Breach, Data Security

Index: 200 million records stolen in Q1 breaches

Nearly 200 million records—or 93,000 records per hour—were stolen between January and March of 2014, an increase of 233 percent over the same quarter last year, according to the recently released SafeNet Breach Level Index.

If there was any doubt that companies are not doing enough to protect their information assets, the BLI results show that among the 254 breaches that occurred in that time period, a mere one percent were considered "secure breaches," in other words, those in which data was protected by strong encryption key management or authentication.

Safenet's BLI gathers publicly available information on data breaches in a centralized, global database, then figures their severity using a number of factors, including data type, breach source, whether encryption was employed and number of records stolen. Safenet noted that 46 percent of the data breaches reported didn't not include information on the number of records lost or stolen.

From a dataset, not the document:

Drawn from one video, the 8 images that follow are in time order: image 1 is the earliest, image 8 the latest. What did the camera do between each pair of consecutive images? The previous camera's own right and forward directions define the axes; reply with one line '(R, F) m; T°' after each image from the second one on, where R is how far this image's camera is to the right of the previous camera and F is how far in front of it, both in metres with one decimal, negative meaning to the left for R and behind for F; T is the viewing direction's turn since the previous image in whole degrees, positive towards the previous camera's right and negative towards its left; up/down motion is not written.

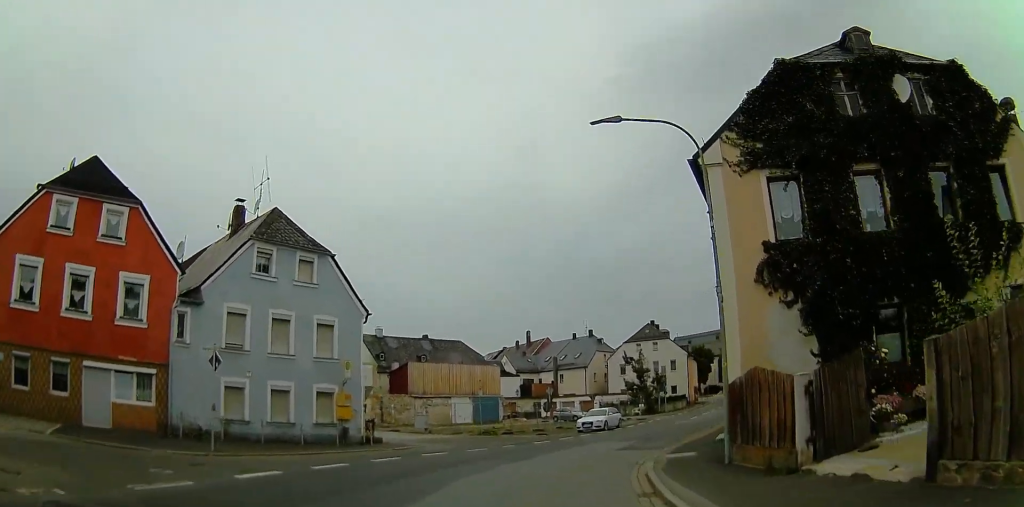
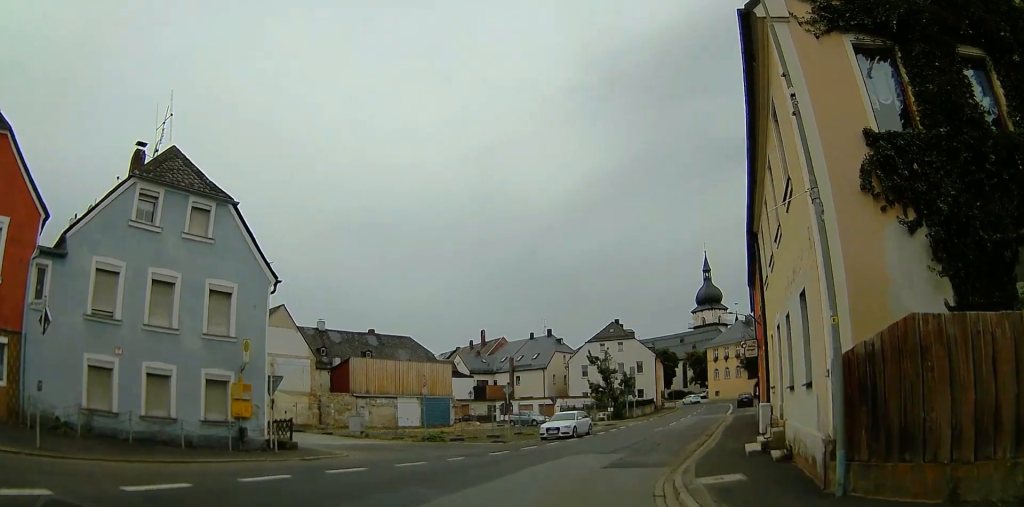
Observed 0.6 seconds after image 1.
(+0.1, +6.0) m; +2°
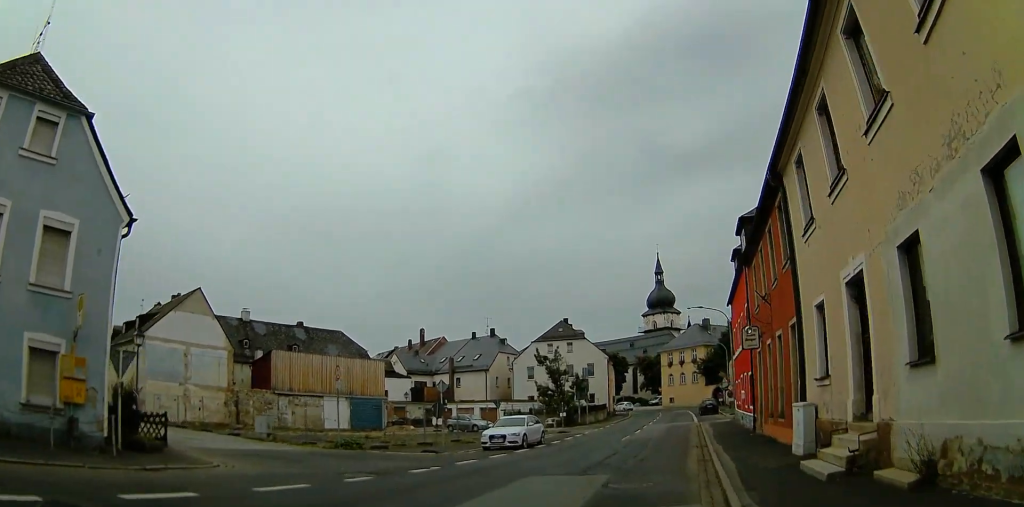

South Korea suffered four out of the top five breaches, with three breaches attributed to identity theft and one to account access. Those breaches were rated 10, 9.4, 9.3 and 9.3 on the BLI scale, with a total of 158 million records stolen. Germany rounded out the top five with a breach that Safenet rated 9.1, which affected 16 million records.

“Four of the top five breaches occurred in South Korea, and that was a bit of a surprise," Tsion Gonen, Chief Strategy Officer, SafeNet, told SCMagazine.com in an email correspondence. "In the past, the largest breaches that are reported have taken place in the U.S., so that obviously points to a trend we should watch for the rest of this year. Usually due to more stringent breach notification laws in the US, the country dominates the statistics.”

The research shows that malicious insiders accounted for more than half (52 percent) of the breaches while malicious outsiders made up 43 percent. In third place, credited with only four percent of breaches, were hacktivists.

Healthcare was the industry most hit during the quarter, with 24 percent of the breaches occurring in that sector. Government, financial and technology tied for second place with each accounting for 14 percent of the breaches—though the financial industry accounted for the most records stolen (55 percent) and the healthcare industry had more breaches but fewer records stolen. The retail and education sectors got hit with 10 percent and nine percent of the breaches, respectively.

Noting that an upward trajectory “is becoming a general trend of more frequent large-scale breaches,” Gonen contends that the attacks, like the one that hit Target, will continue “unless companies start changing their approach to data security.”

He cautioned that companies should assume that they are next in line for an attack and “should start to even out the attention they pay between trying to ‘prevent' breaches and trying to secure them.”

To better defend themselves they shouldn't rely on walling off data, he added.

“History has shown us that perimeter defenses, whether they are stone walls or firewalls, will be breached,” Gonen said. “Companies also need to attach security directly to the data itself using technology like strong encryption and user authentication. That way, only those who have access to the data can get it, and if the data is stolen it is useless to thieves.”